1

My company uses an SBS 2003 server and makes use of Exchange to host our own email. We also have a linux server hosting domains for some of our clients. In order for us to send to those clients, we had internal DNS set up to shadow the client domains to provide "correct" MX records inside our network. For example, public DNS for a domain abc.com might point to 1.2.3.4, but internally we have MX records set up to route mail for abc.com to 172.16.0.4, which is the linux email server. This setup was entirely functional; this is just back story.

We've recently moved one of our client domains from our internal linux server to an external email provider. When we did that, we naturally deleted our internal shadow DNS records so our Exchange server would fetch correct (public) DNS records and route mail out to the new external host. This has NOT had any effect on Exchange though. Even after rebooting the Exchange server and completely flushing the DNS cache (nslookups on the Exchange machine itself correctly resolve to the new external address) Exchange still attempts to deliver messages for the domain to our internal server! Exchange correctly routes to all other internal and external domains when sending email.

Somehow Exchange is trying to deliver to a machine that by all accounts it has no business trying to use for just this one domain.
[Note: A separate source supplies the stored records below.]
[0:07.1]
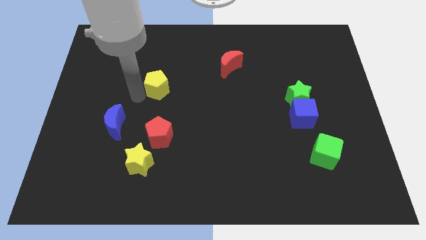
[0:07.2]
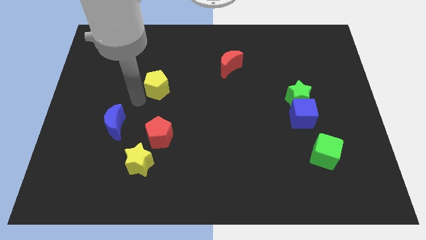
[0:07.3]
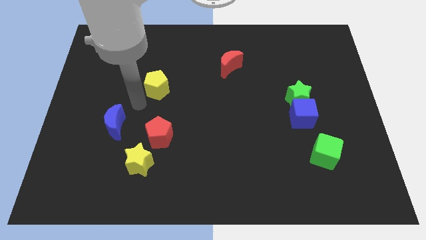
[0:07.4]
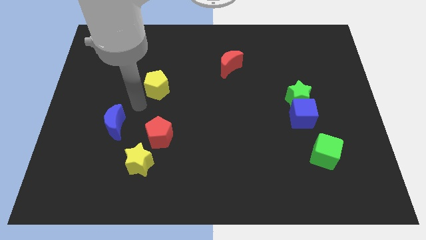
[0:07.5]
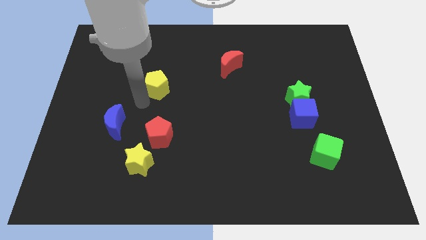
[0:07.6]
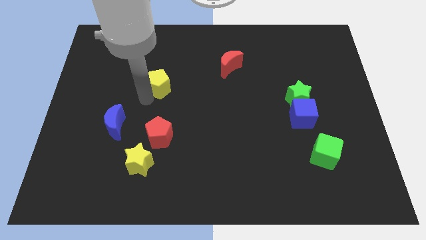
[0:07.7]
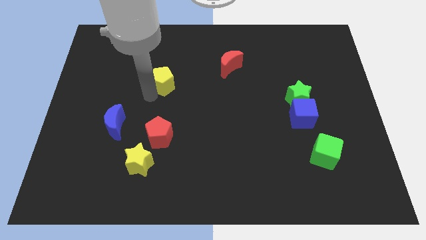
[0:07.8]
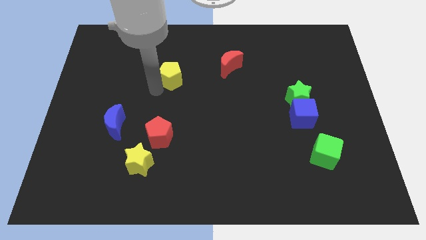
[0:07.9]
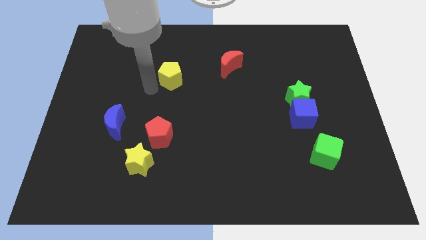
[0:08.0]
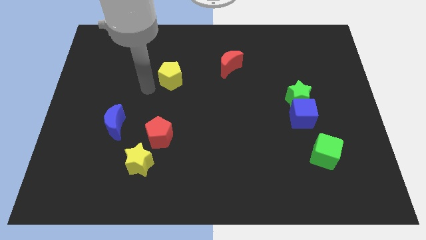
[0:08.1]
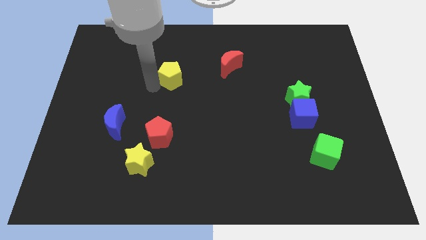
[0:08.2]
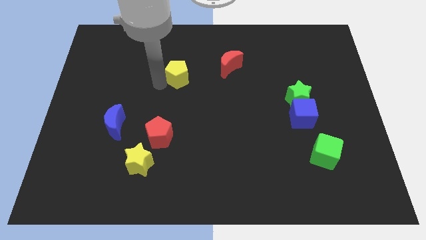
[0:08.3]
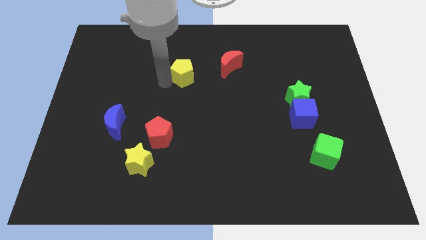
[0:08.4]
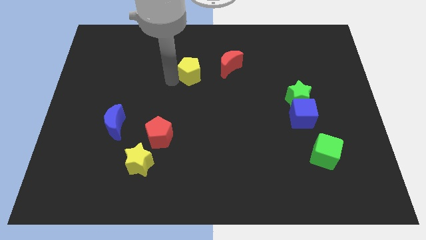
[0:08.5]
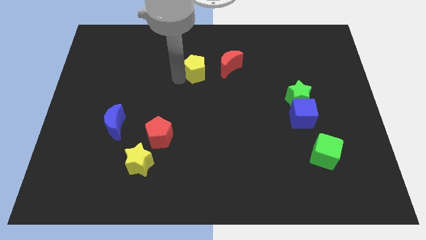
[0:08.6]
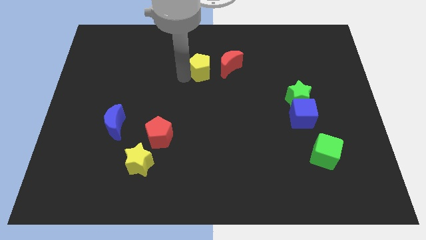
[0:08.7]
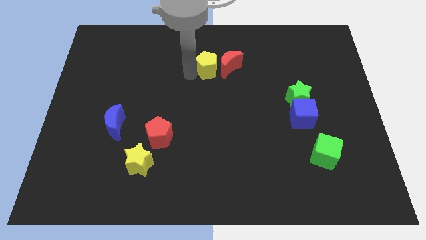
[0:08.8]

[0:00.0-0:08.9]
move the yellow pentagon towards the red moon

Is there a DNS cache that Exchange uses internally? Is there a way to flush that internal cache? What else could I be missing?

beporter
  • 111
  • 1
  • 4
  • 2
    You didn't happen to setup an SMTP connector with those client domains in the address space, did you? That's how I normally route mail between two different mail servers internally; it could be something overlooked. – gravyface May 17 '10 at 15:05
  • No, there are only the default connectors across the board. The only other thing that occurs to me is that this SBS server was a migration from an older server. The ESM still lists the old Exchange server by name even though it doesn't exist on the network or DNS anywhere. I wonder if that's gumming things up at all. – beporter May 17 '10 at 16:41
  • So you have done nslookup -q=mx abc.com from the Exchange server and it resolves to the correct external address? – smoak May 17 '10 at 17:13
  • That's absolutely correct. It's the craziest thing. That's why I'm posting here: I can't figure out what's causing Exchange, and Exchange only, to continue to use the old internal DNS records to route outbound email for JUST that domain. In fact, we've moved other clients out from our internal linux server to external hosts before-- without this issue arising. – beporter May 17 '10 at 18:46
  • Could there be an entry in your lmhosts / hosts file that points to the old IP address? – adamo Sep 11 '11 at 11:24
  • @adamo This was a while ago and not relevant anymore, but I did check there as well at the time. If there **had** been an entry in the hosts file, it surely would have applied to the command-line ns-lookups I was doing though. In case anyone else needs a sure fire fix: We ended up migrating to a new Exchange 2007 server (which has its own problems.) – beporter Sep 12 '11 at 20:19

1 Answers1

2

To fix (or rather work around) this issue, configure an External DNS Server for your SMTP.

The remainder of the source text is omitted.